> _Requirement_
Set down exactly the lines below between the line holding "#600=VECTOR('',#599,13.8);" and the line holding "#1062=EDGE_LOOP('',(#1058,#1059,#1060,#1061));", inclusive; no other line belongs in the answer.

[[ Provided data open ]]

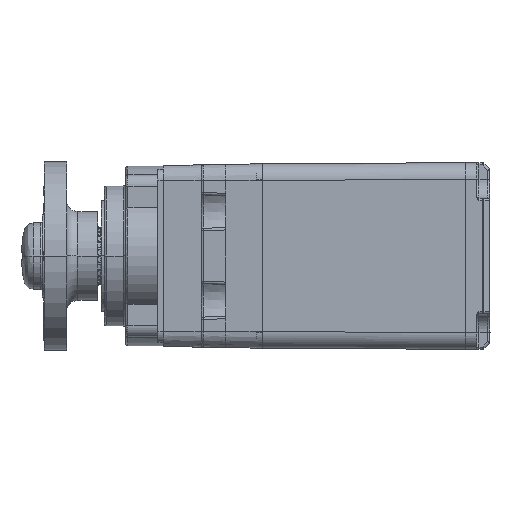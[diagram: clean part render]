
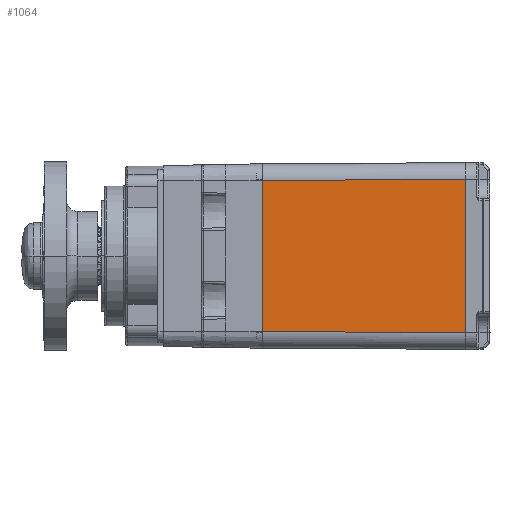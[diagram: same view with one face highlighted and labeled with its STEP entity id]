
A CAD part, left-side view. The second image highlights one B-rep face of the part: STEP entity #1064.
In plain terms, the highlighted planar face has unit normal (-1, 0.005, 0).
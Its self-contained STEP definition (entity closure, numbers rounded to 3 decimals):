
#265=CARTESIAN_POINT('',(-16.1,18.3,6.8));
#564=CARTESIAN_POINT('',(-16.2,0.,
-6.9));
#592=DIRECTION('',(-0.005,-1.,0.005));
#593=VECTOR('',#592,18.301);
#594=CARTESIAN_POINT('',(-16.1,18.3,6.8));
#595=LINE('',#594,#593);
#599=DIRECTION('',(0.,0.,-1.));
#600=VECTOR('',#599,13.8);
#601=CARTESIAN_POINT('',(-16.2,0.,
6.9));
#602=LINE('',#601,#600);
#606=DIRECTION('',(0.005,1.,0.005));
#607=VECTOR('',#606,18.301);
#608=CARTESIAN_POINT('',(-16.2,0.,
-6.9));
#609=LINE('',#608,#607);
#613=DIRECTION('',(0.,0.,1.));
#614=VECTOR('',#613,13.6);
#615=CARTESIAN_POINT('',(-16.1,18.3,-6.8));
#616=LINE('',#615,#614);
#685=VERTEX_POINT('',#564);
#686=CARTESIAN_POINT('',(-16.2,0.,
6.9));
#687=VERTEX_POINT('',#686);
#710=VERTEX_POINT('',#265);
#712=CARTESIAN_POINT('',(-16.1,18.3,-6.8));
#713=VERTEX_POINT('',#712);
#1053=CARTESIAN_POINT('',(-16.15,9.15,0.));
#1054=DIRECTION('',(1.,-0.005,0.));
#1055=DIRECTION('',(0.005,1.,0.));
#1056=AXIS2_PLACEMENT_3D('',#1053,#1054,#1055);
#1057=PLANE('',#1056);
#1058=ORIENTED_EDGE('',*,*,#876,.T.);
#1059=ORIENTED_EDGE('',*,*,#756,.T.);
#1060=ORIENTED_EDGE('',*,*,#1048,.T.);
#1061=ORIENTED_EDGE('',*,*,#828,.T.);
#1062=EDGE_LOOP('',(#1058,#1059,#1060,#1061));
#1063=FACE_OUTER_BOUND('',#1062,.F.);
#1064=ADVANCED_FACE('',(#1063),#1057,.F.);
#756=EDGE_CURVE('',#687,#685,#602,.T.);
#828=EDGE_CURVE('',#713,#710,#616,.T.);
#876=EDGE_CURVE('',#710,#687,#595,.T.);
#1048=EDGE_CURVE('',#685,#713,#609,.T.);

[[ Provided data closed ]]

> _Output below_
#600=VECTOR('',#599,13.8);
#601=CARTESIAN_POINT('',(-16.2,0.,
6.9));
#602=LINE('',#601,#600);
#606=DIRECTION('',(0.005,1.,0.005));
#607=VECTOR('',#606,18.301);
#608=CARTESIAN_POINT('',(-16.2,0.,
-6.9));
#609=LINE('',#608,#607);
#613=DIRECTION('',(0.,0.,1.));
#614=VECTOR('',#613,13.6);
#615=CARTESIAN_POINT('',(-16.1,18.3,-6.8));
#616=LINE('',#615,#614);
#685=VERTEX_POINT('',#564);
#686=CARTESIAN_POINT('',(-16.2,0.,
6.9));
#687=VERTEX_POINT('',#686);
#710=VERTEX_POINT('',#265);
#712=CARTESIAN_POINT('',(-16.1,18.3,-6.8));
#713=VERTEX_POINT('',#712);
#1053=CARTESIAN_POINT('',(-16.15,9.15,0.));
#1054=DIRECTION('',(1.,-0.005,0.));
#1055=DIRECTION('',(0.005,1.,0.));
#1056=AXIS2_PLACEMENT_3D('',#1053,#1054,#1055);
#1057=PLANE('',#1056);
#1058=ORIENTED_EDGE('',*,*,#876,.T.);
#1059=ORIENTED_EDGE('',*,*,#756,.T.);
#1060=ORIENTED_EDGE('',*,*,#1048,.T.);
#1061=ORIENTED_EDGE('',*,*,#828,.T.);
#1062=EDGE_LOOP('',(#1058,#1059,#1060,#1061));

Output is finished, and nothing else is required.